| Problem details |
From the line with "#25678 = ORIENTED_EDGE" onward, reproduce each line of the entries exactly, ending at the last one, and add nothing.

| Records from a dataset |
= = =

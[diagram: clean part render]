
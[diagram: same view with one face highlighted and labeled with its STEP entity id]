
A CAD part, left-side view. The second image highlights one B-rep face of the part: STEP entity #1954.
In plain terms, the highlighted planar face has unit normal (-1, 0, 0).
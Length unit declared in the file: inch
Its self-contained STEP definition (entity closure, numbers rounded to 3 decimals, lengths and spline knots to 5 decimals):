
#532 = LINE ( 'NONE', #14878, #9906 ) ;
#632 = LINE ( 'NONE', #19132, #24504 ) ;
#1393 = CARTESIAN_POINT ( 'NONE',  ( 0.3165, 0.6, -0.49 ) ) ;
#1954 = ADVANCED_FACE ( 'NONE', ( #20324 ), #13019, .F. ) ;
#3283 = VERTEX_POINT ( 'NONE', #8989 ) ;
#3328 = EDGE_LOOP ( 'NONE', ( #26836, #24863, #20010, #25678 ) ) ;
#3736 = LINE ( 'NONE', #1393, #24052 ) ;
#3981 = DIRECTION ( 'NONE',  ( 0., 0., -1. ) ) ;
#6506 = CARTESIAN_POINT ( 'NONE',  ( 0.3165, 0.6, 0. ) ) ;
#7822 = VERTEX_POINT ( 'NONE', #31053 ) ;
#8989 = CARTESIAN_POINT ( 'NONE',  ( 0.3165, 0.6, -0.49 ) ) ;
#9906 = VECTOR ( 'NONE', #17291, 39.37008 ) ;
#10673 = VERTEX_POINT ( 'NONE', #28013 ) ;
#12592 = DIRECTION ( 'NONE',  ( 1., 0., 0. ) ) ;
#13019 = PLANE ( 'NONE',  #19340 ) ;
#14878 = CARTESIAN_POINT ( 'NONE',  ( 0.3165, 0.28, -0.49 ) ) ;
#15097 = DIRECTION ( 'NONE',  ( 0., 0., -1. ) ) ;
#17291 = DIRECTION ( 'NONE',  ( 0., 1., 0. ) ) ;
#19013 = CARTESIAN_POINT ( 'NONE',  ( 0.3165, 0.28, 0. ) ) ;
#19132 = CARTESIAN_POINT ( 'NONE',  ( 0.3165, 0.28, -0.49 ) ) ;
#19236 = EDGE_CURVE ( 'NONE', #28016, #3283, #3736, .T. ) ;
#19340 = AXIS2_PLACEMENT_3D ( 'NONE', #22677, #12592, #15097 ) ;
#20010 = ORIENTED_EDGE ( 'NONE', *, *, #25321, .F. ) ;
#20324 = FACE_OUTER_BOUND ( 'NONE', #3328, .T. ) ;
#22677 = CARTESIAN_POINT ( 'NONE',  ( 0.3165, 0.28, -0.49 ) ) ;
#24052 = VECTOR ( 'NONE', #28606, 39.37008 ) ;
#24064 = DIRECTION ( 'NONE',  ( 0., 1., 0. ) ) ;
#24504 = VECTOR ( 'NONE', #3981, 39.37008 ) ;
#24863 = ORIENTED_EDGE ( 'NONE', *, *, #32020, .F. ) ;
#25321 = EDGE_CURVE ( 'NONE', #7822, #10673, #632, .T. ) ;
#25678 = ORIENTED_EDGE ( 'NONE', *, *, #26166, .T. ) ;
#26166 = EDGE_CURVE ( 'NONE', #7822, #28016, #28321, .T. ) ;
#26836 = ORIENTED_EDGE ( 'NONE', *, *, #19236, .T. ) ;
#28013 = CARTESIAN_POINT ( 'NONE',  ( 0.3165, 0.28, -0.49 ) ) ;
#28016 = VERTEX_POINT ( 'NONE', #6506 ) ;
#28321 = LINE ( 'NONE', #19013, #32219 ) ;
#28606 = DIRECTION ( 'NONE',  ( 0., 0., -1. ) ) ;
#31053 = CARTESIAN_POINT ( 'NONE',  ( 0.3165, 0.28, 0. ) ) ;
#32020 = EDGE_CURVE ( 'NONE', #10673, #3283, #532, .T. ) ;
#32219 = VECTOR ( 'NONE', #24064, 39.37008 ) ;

= = =

| Final answer |
#25678 = ORIENTED_EDGE ( 'NONE', *, *, #26166, .T. ) ;
#26166 = EDGE_CURVE ( 'NONE', #7822, #28016, #28321, .T. ) ;
#26836 = ORIENTED_EDGE ( 'NONE', *, *, #19236, .T. ) ;
#28013 = CARTESIAN_POINT ( 'NONE',  ( 0.3165, 0.28, -0.49 ) ) ;
#28016 = VERTEX_POINT ( 'NONE', #6506 ) ;
#28321 = LINE ( 'NONE', #19013, #32219 ) ;
#28606 = DIRECTION ( 'NONE',  ( 0., 0., -1. ) ) ;
#31053 = CARTESIAN_POINT ( 'NONE',  ( 0.3165, 0.28, 0. ) ) ;
#32020 = EDGE_CURVE ( 'NONE', #10673, #3283, #532, .T. ) ;
#32219 = VECTOR ( 'NONE', #24064, 39.37008 ) ;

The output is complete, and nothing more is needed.